■ Provided information ■
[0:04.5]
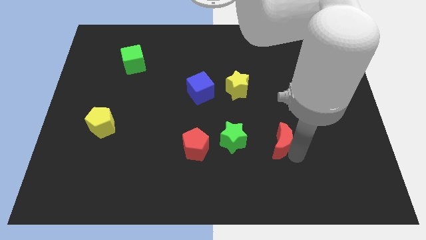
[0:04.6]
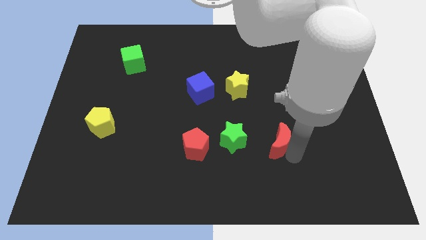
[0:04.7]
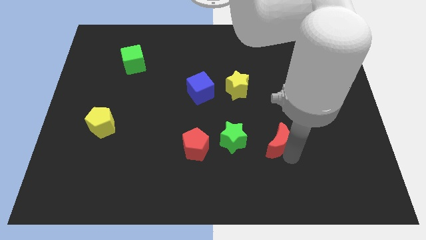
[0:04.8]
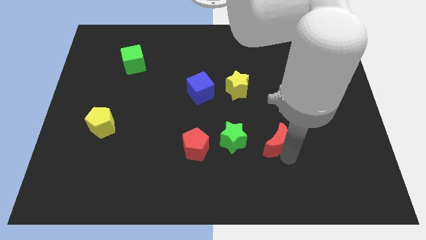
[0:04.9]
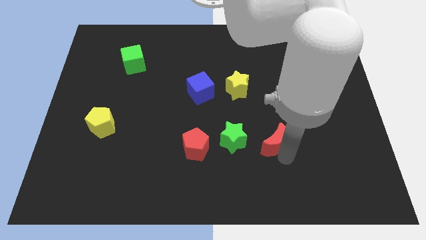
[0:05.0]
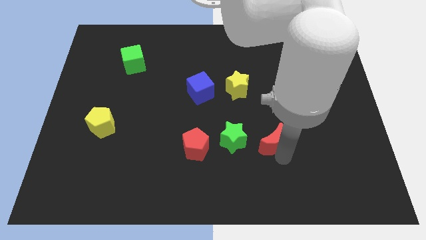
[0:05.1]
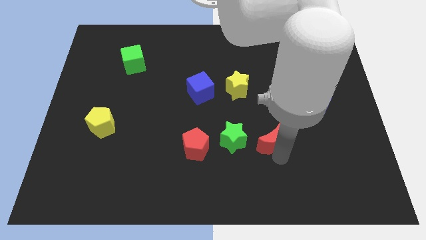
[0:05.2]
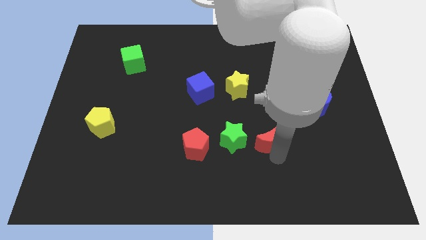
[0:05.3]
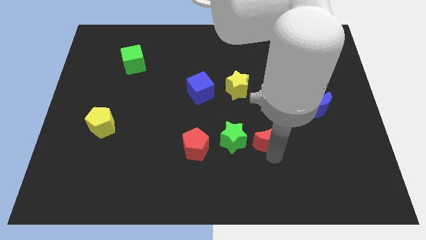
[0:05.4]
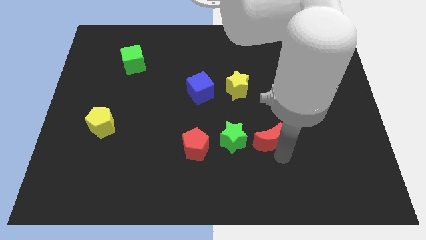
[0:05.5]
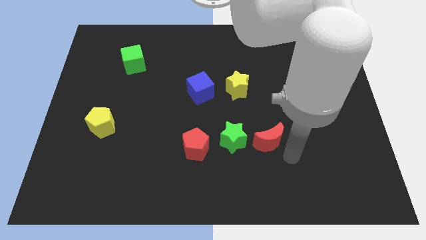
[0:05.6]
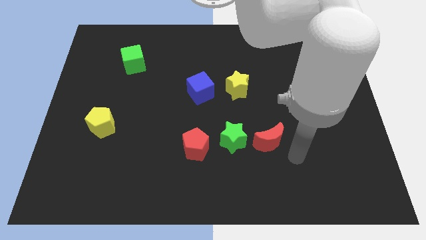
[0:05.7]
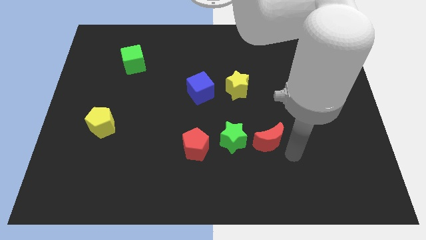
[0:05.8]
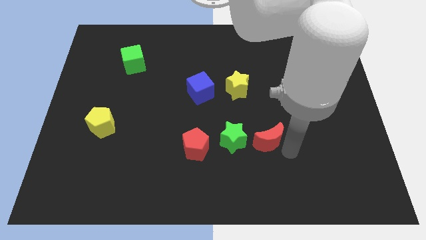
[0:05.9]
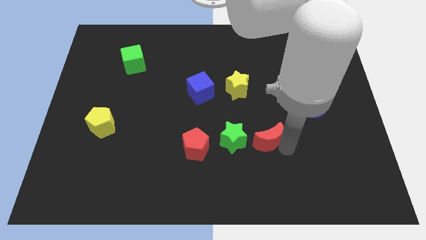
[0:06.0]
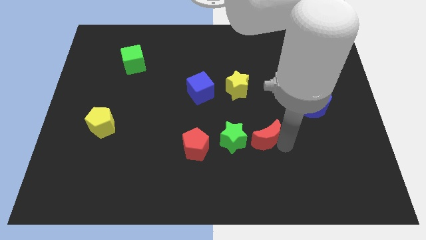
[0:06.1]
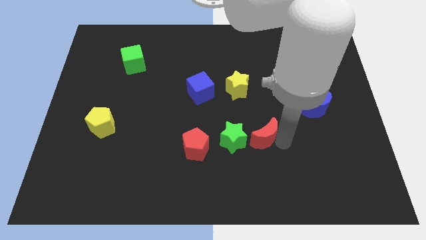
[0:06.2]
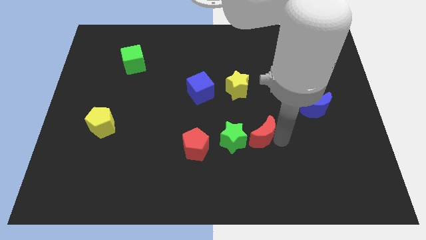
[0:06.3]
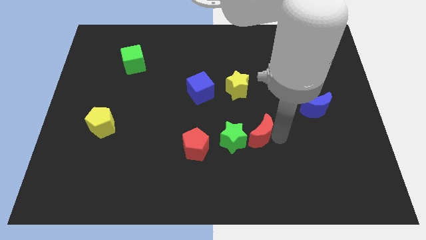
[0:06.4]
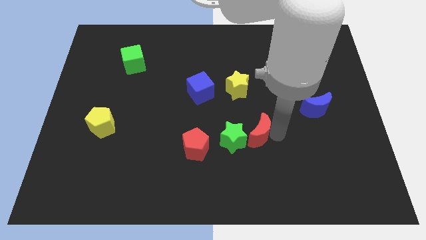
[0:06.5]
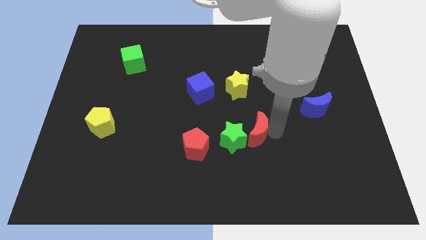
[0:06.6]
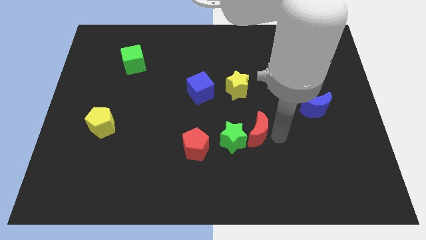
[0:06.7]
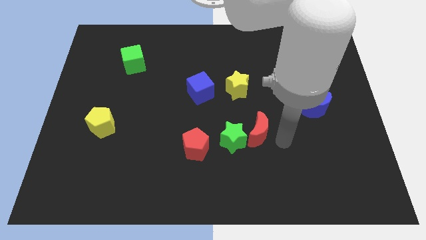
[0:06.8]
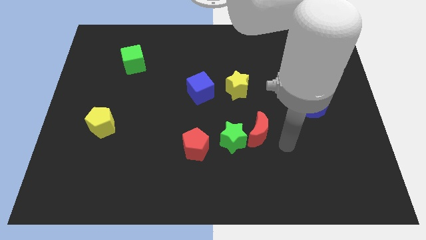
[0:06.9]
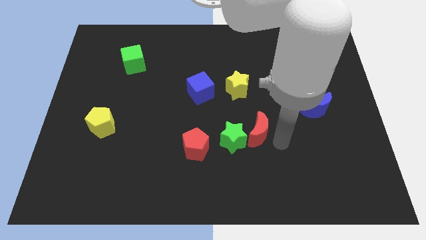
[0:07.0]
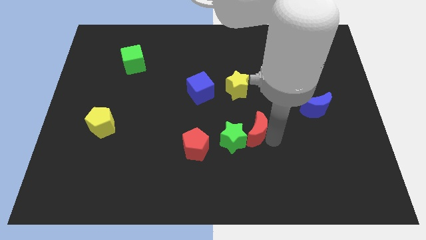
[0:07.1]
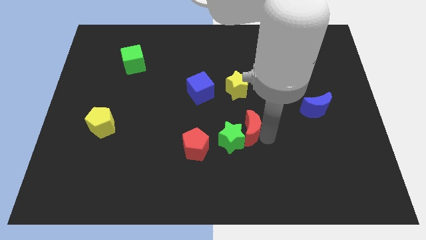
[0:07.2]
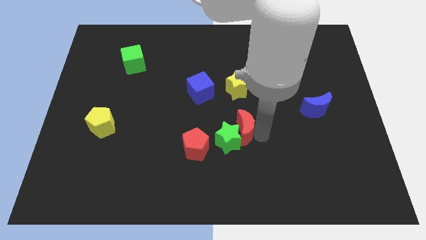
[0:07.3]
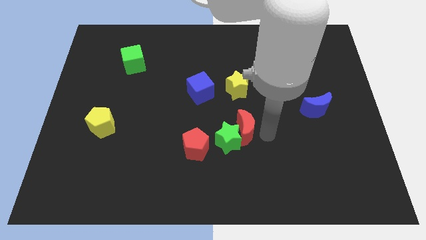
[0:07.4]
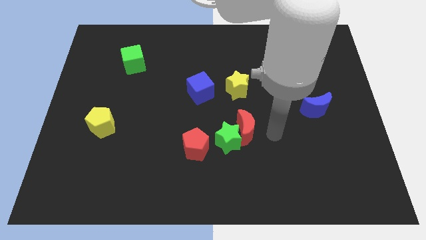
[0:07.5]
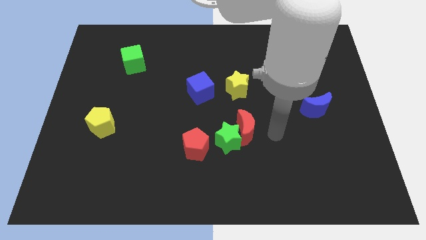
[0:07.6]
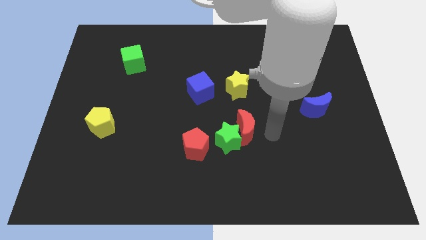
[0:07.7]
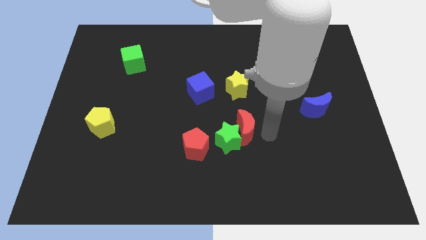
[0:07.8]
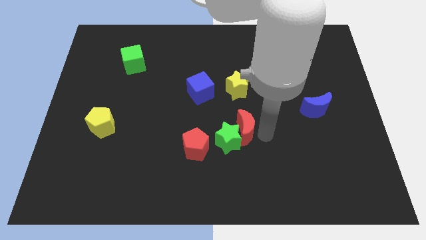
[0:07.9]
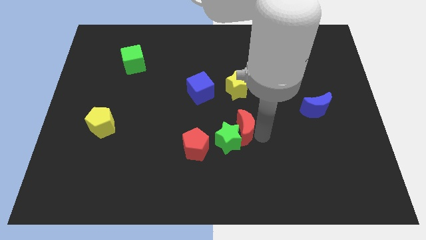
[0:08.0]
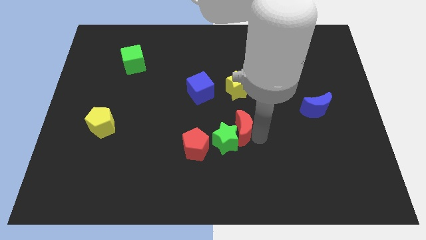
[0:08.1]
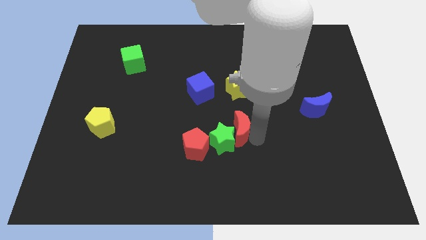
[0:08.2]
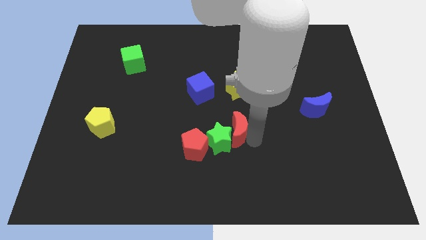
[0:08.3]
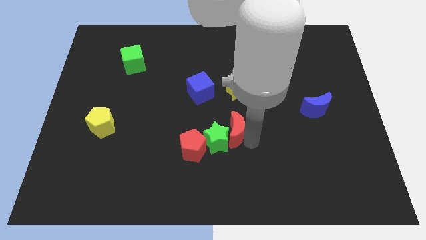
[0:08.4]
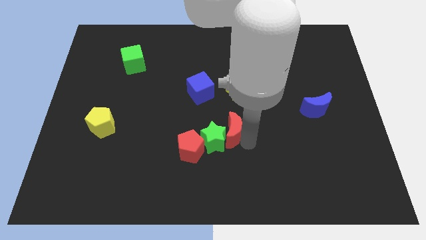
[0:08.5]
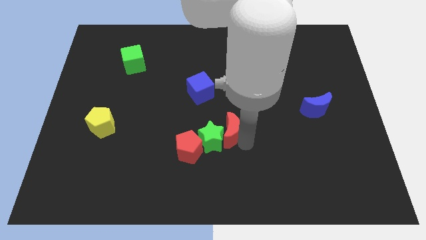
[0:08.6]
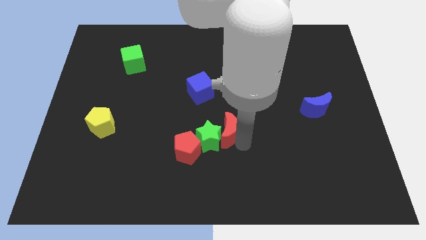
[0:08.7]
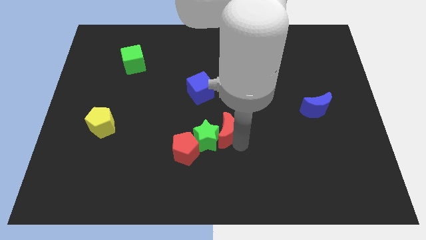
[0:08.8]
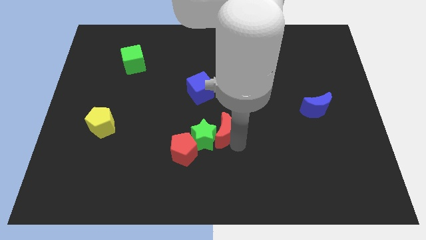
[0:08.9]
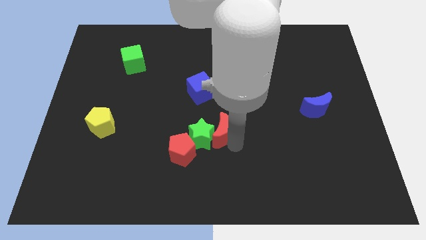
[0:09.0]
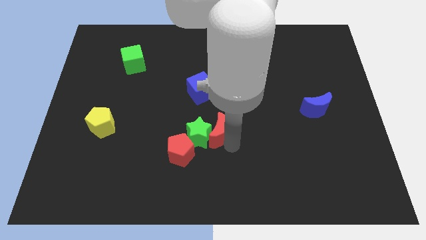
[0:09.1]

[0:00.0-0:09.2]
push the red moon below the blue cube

■ What to do ■
Leave the pictures aside and give every entry above again word for word.

■ Reply ■
[0:04.5]
[0:04.6]
[0:04.7]
[0:04.8]
[0:04.9]
[0:05.0]
[0:05.1]
[0:05.2]
[0:05.3]
[0:05.4]
[0:05.5]
[0:05.6]
[0:05.7]
[0:05.8]
[0:05.9]
[0:06.0]
[0:06.1]
[0:06.2]
[0:06.3]
[0:06.4]
[0:06.5]
[0:06.6]
[0:06.7]
[0:06.8]
[0:06.9]
[0:07.0]
[0:07.1]
[0:07.2]
[0:07.3]
[0:07.4]
[0:07.5]
[0:07.6]
[0:07.7]
[0:07.8]
[0:07.9]
[0:08.0]
[0:08.1]
[0:08.2]
[0:08.3]
[0:08.4]
[0:08.5]
[0:08.6]
[0:08.7]
[0:08.8]
[0:08.9]
[0:09.0]
[0:09.1]

[0:00.0-0:09.2]
push the red moon below the blue cube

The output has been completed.